好在在这几日“丫鬟”勤勤恳恳地照顾下,姬皦玉的身体恢复了大半。他下了榻,窸窸窣窣地穿好衣物,推门而出。

清凉的空气扑面而来,随之一道锋利逼人的鞭子朝他逼近,姬皦玉脚步一顿再要后退为时已晚。

他本能地闭上双眼,静静等待鞭子落下,然而那道鞭子被人后扯了回去。只余锋利的鞭风轻轻落在他脸上,像是春风下的柳絮轻柔地抚摸,一阵痒意从被触碰的地方生出,挠骚着他长长的睫羽。

没有感受到痛意,姬皦玉狐疑地睁眼。

此时蓝采和已收回了鞭子,继续旁若无人地舞鞭。

姬皦玉默然立在门槛前一步,瞧着呆呆傻傻的,许是没睡醒罢。

他眼神落在蓝采和身上,发觉她今日穿了绯红色的窄袖胡装,满头墨丝尽数被梳成马尾,用一根同色系的发带系住。

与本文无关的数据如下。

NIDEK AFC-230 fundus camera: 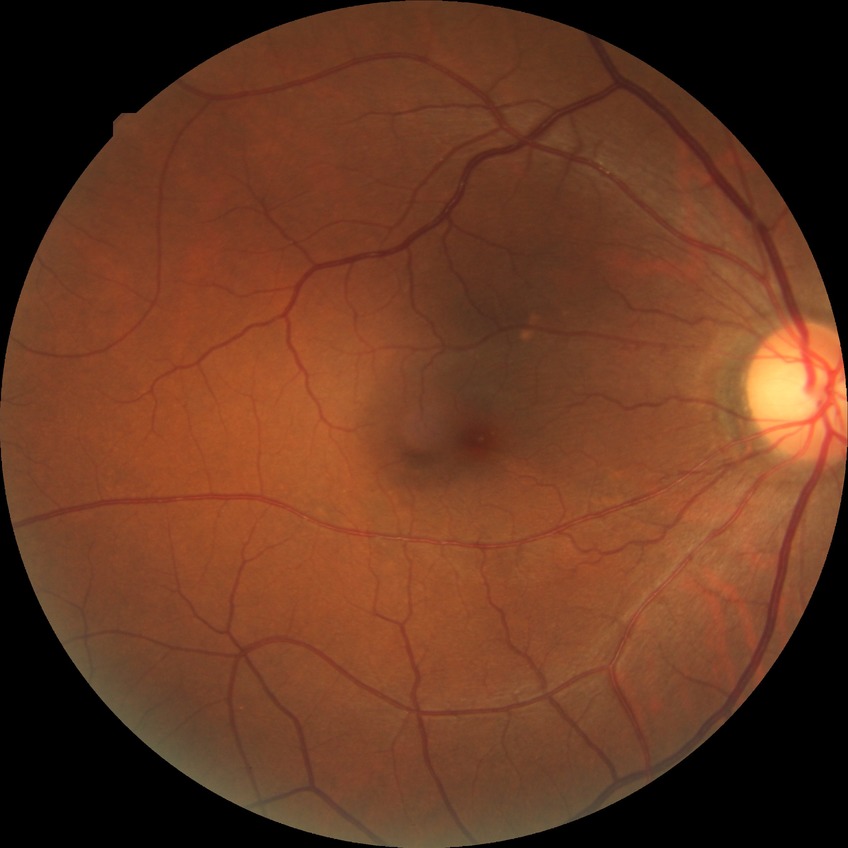

diabetic retinopathy stage@simple diabetic retinopathy.

鞭风飕飕,裹挟着寒冬天凛冽的风劲,却不再落到他身上,甚至连靠他近些也不能。蓝采和兔起鹘落间长鞭若游龙惊凤,绯影则如闪电,可谓舞得一手好鞭法。

姬皦玉不由看呆了。谁年少时没想过学一身武艺走一趟江湖呢?

练完一套鞭法,蓝采和额上生满汗津,脸颊红扑扑的像染了胭脂。她转身望见姬皦玉还杵在原地,不由惊呼一声,朝他喊道:“你怎么还呆在这儿?”

“这是我住的地方,不待这儿又去哪儿?”姬皦玉的病体大好,精神头却反常的兴奋,竟迅速反驳她。

蓝采和朝他走去,将鞭子捆在腰间,不再管他。径直越过姬皦玉时,斜地里却伸出一只素白纤长的大手,手心摊着一方折叠得整整齐齐的月蓝色帕子。

姬皦玉出声道:“给你,擦汗。”

“房间里没有干净的帕子了。”

眸光盯着帕子打转,蓝采和不动神色地琢磨他的用意。难道姬皦玉又想给她下毒,上辈子他就做过这种下三滥的事。她恶毒地想。